— What is expected —
In your copy, set down the entries exactly and exclude the pictures.

— Given information —
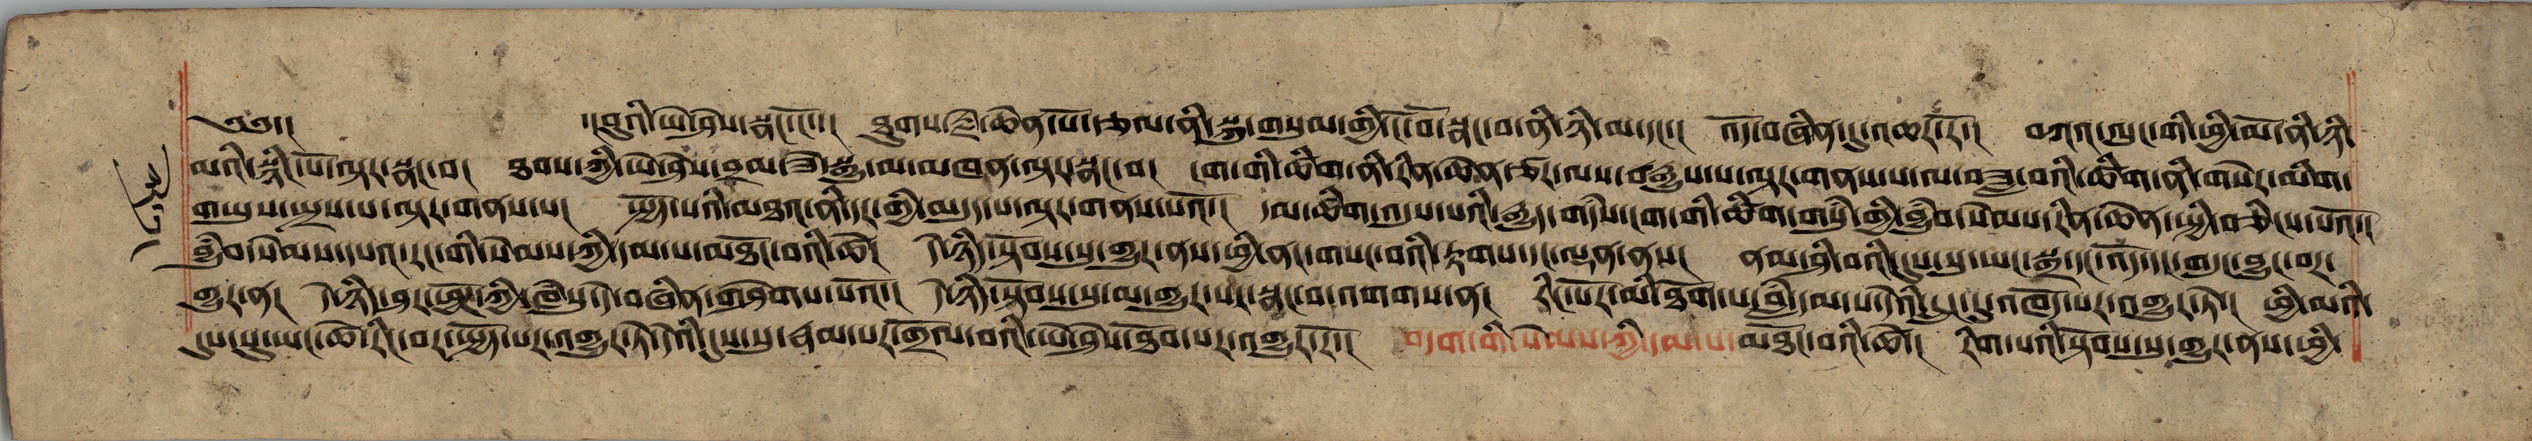༄༅་། ་།བུའི་ཡེ་ཤེས་སྣང་ངོ་་། ཐུགས་རྗེ་ཆེན་པོ་རྩལ་ནི་སྐུ་གསུམ་གྱི་ངོ་བོ་སྣང་བ་ནི་ཉི་མ་དང་། འོད་བཞིན་དུ་འཆར་རོ་། བཀའ་ལུང་གི་ཕྱི་མོ་ནི་ཉི་
མའི་སྙིང་པོ་ལྟར་སྣང་བ། ཐབས་ཀྱི་ཡེ་ཤེས་བྲམ་ཟེ་སྒྱུ་མ་མཁན་ལྟར་སྣང་བ། ངག་གི་ཚིག་ནི་རིན་ཆེན་ཙར་ལས་བརྒྱུས་པ་ལྟར་གནས་པ་ལ་བཟླ་བའི་ཚིག་ནི་གསེར་མིག་
གཡུས་སྤྲས་པ་ལྟར་གནས་པ། སྤྱོད་པའི་མཐའ་ནི་དར་གྱི་མདུད་པ་ལྟར་གནས་པའོ་། དམ་ཚིག་འདུས་པའི་རྒྱུད་གདཾས་ངག་གི་ཚིག་གསུཾ་གྱི་བྱུཾབ་སེམས་རིན་ཆེན་སྤྱི་བཅིངས་པའོ་།
བྱུཾབ་སེམས་དཔའ་རང་གི་སེམས་ཀྱི་དམ་པ་མཐོང་བའི་ཚེ། དེ་ཉིད་སྟོབས་སུ་གྱུར་ནས་ཕྱི་ནང་གསང་བའི་རྟགས་དང་ལྡན་ནས། ནམ་ཤི་བའི་དུས་སུ་ཡང་སྒྲ་དང་འོད་དང་གདུང་བྱུང་བར་
གྱུར་ན། དེ་ཉིད་ཤར་ཕྱོཌ་ཀྱི་ཁཾསུ་དེ་བཞིན་གཤེགས་པའོ་། དེ་ཉིད་སྟོབས་སུ་མ་གྱུར་པར་སྣང་བ་འགགས་ན། རིང་པོར་མི་ཐོག་པ་བླཾ་དམ་པ་དེའི་དྲུང་དུ་འཁོད་པར་འགྱུར་ཏེ་། ཕྱི་མའི་
དུས་སུ་ཡང་ཚེ་རིང་བར་སྤྱོད་པར་འགྱུར་ཏེ་དེའི་དུས་སུ་རྣམ་པར་གྲོལ་བའི་ཡེ་ཤེས་ཐོབ་པར་འགྱུར་རོ་། བདག་གི་སེམས་ཀྱི་དམ་པ་མཐོང་བའི་ཚེ་། རིག་པའི་སྟོབས་སུ་གྱུར་ནས་ཕྱི་

— Result —
༄༅་། ་།བུའི་ཡེ་ཤེས་སྣང་ངོ་་། ཐུགས་རྗེ་ཆེན་པོ་རྩལ་ནི་སྐུ་གསུམ་གྱི་ངོ་བོ་སྣང་བ་ནི་ཉི་མ་དང་། འོད་བཞིན་དུ་འཆར་རོ་། བཀའ་ལུང་གི་ཕྱི་མོ་ནི་ཉི་
མའི་སྙིང་པོ་ལྟར་སྣང་བ། ཐབས་ཀྱི་ཡེ་ཤེས་བྲམ་ཟེ་སྒྱུ་མ་མཁན་ལྟར་སྣང་བ། ངག་གི་ཚིག་ནི་རིན་ཆེན་ཙར་ལས་བརྒྱུས་པ་ལྟར་གནས་པ་ལ་བཟླ་བའི་ཚིག་ནི་གསེར་མིག་
གཡུས་སྤྲས་པ་ལྟར་གནས་པ། སྤྱོད་པའི་མཐའ་ནི་དར་གྱི་མདུད་པ་ལྟར་གནས་པའོ་། དམ་ཚིག་འདུས་པའི་རྒྱུད་གདཾས་ངག་གི་ཚིག་གསུཾ་གྱི་བྱུཾབ་སེམས་རིན་ཆེན་སྤྱི་བཅིངས་པའོ་།
བྱུཾབ་སེམས་དཔའ་རང་གི་སེམས་ཀྱི་དམ་པ་མཐོང་བའི་ཚེ། དེ་ཉིད་སྟོབས་སུ་གྱུར་ནས་ཕྱི་ནང་གསང་བའི་རྟགས་དང་ལྡན་ནས། ནམ་ཤི་བའི་དུས་སུ་ཡང་སྒྲ་དང་འོད་དང་གདུང་བྱུང་བར་
གྱུར་ན། དེ་ཉིད་ཤར་ཕྱོཌ་ཀྱི་ཁཾསུ་དེ་བཞིན་གཤེགས་པའོ་། དེ་ཉིད་སྟོབས་སུ་མ་གྱུར་པར་སྣང་བ་འགགས་ན། རིང་པོར་མི་ཐོག་པ་བླཾ་དམ་པ་དེའི་དྲུང་དུ་འཁོད་པར་འགྱུར་ཏེ་། ཕྱི་མའི་
དུས་སུ་ཡང་ཚེ་རིང་བར་སྤྱོད་པར་འགྱུར་ཏེ་དེའི་དུས་སུ་རྣམ་པར་གྲོལ་བའི་ཡེ་ཤེས་ཐོབ་པར་འགྱུར་རོ་། བདག་གི་སེམས་ཀྱི་དམ་པ་མཐོང་བའི་ཚེ་། རིག་པའི་སྟོབས་སུ་གྱུར་ནས་ཕྱི་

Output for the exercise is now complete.